- **Activity**: Exact repetition, pictures omitted: give every record below again.

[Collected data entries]
[Start of section]
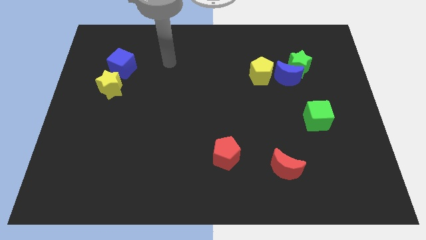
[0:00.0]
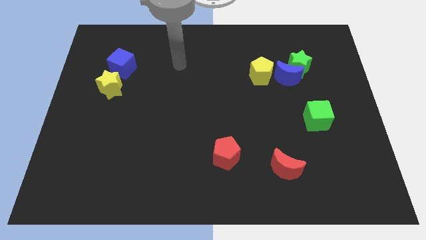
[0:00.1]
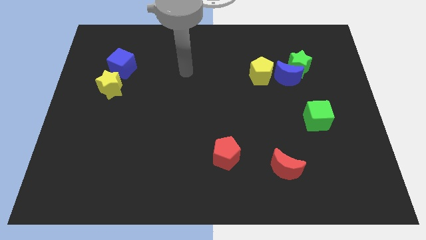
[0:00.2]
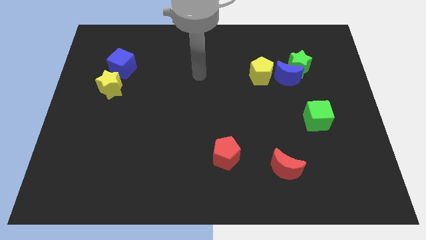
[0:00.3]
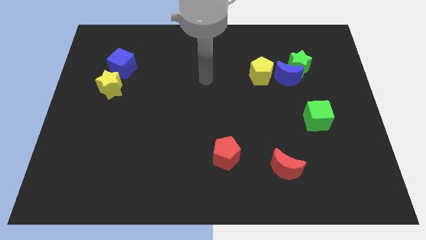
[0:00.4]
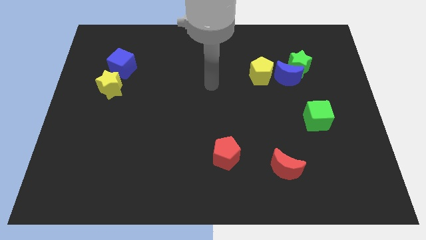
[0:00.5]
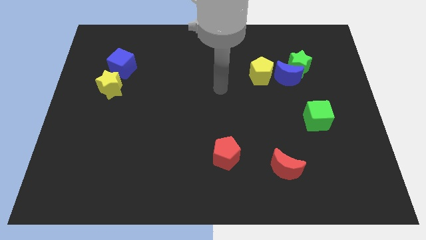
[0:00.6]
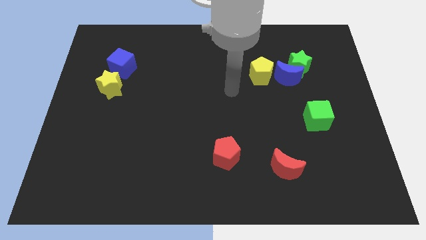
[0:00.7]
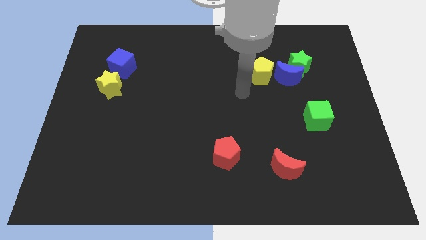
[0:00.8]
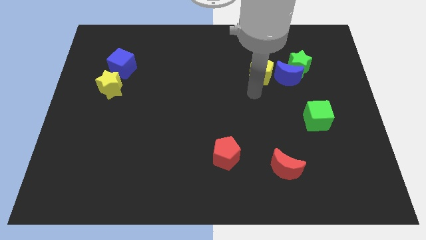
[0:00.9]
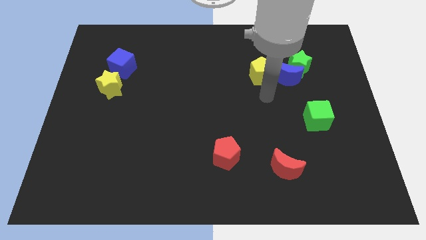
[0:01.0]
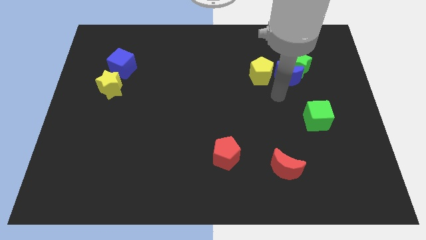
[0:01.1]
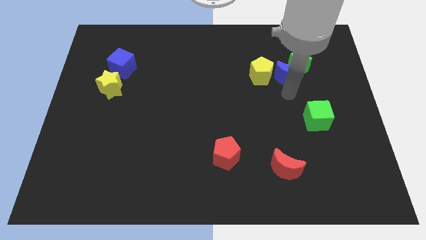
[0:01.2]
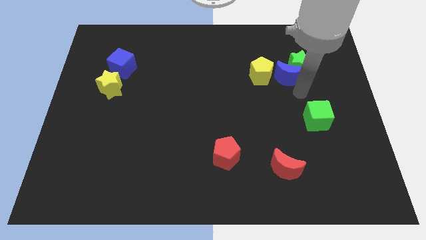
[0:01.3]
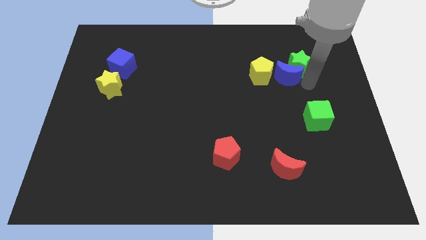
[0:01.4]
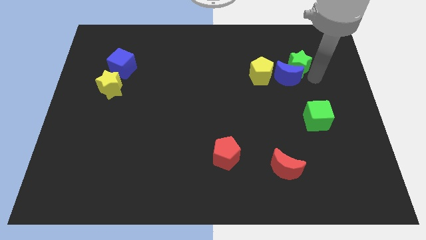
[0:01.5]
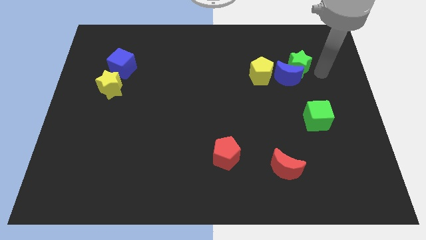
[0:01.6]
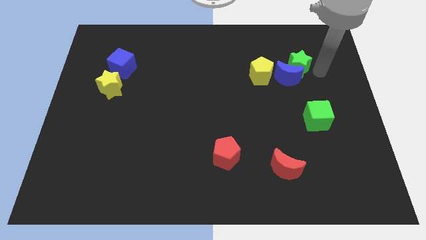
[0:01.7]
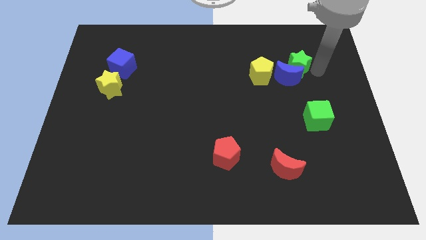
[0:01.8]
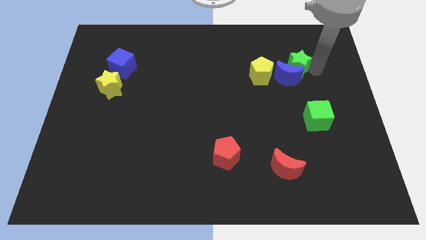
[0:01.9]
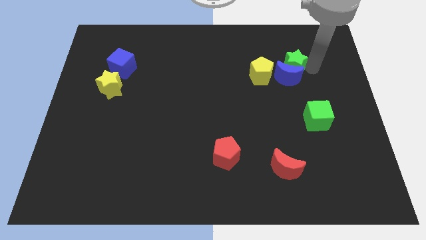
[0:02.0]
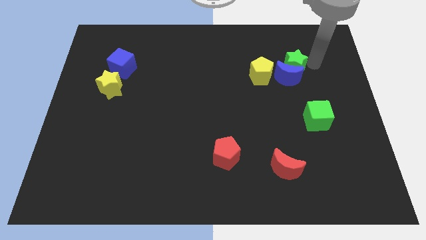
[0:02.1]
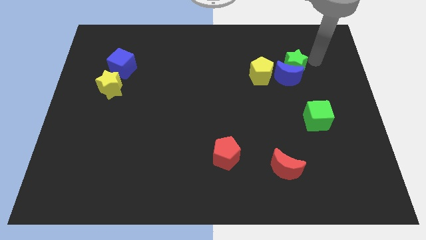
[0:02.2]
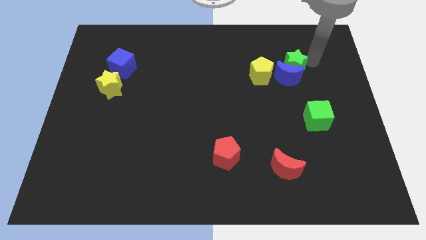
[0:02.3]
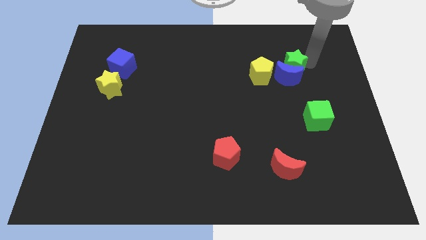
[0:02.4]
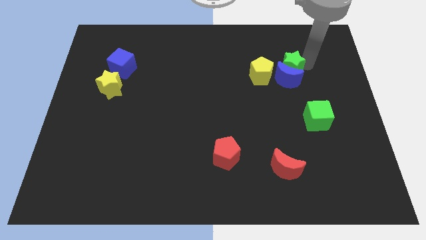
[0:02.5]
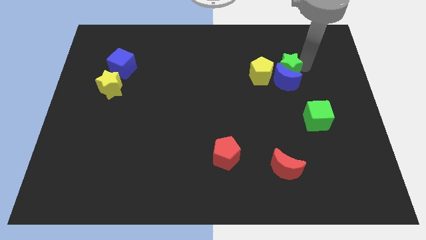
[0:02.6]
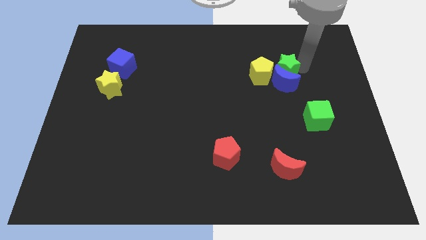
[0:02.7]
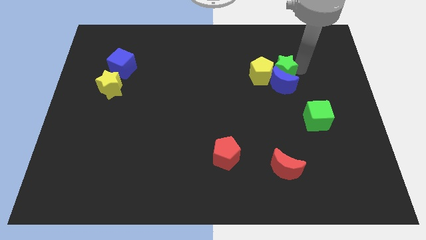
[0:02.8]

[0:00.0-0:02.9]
slide the green star close to the yellow pentagon
[End of section]
- **Result of the exercise**:
[0:00.0]
[0:00.1]
[0:00.2]
[0:00.3]
[0:00.4]
[0:00.5]
[0:00.6]
[0:00.7]
[0:00.8]
[0:00.9]
[0:01.0]
[0:01.1]
[0:01.2]
[0:01.3]
[0:01.4]
[0:01.5]
[0:01.6]
[0:01.7]
[0:01.8]
[0:01.9]
[0:02.0]
[0:02.1]
[0:02.2]
[0:02.3]
[0:02.4]
[0:02.5]
[0:02.6]
[0:02.7]
[0:02.8]

[0:00.0-0:02.9]
slide the green star close to the yellow pentagon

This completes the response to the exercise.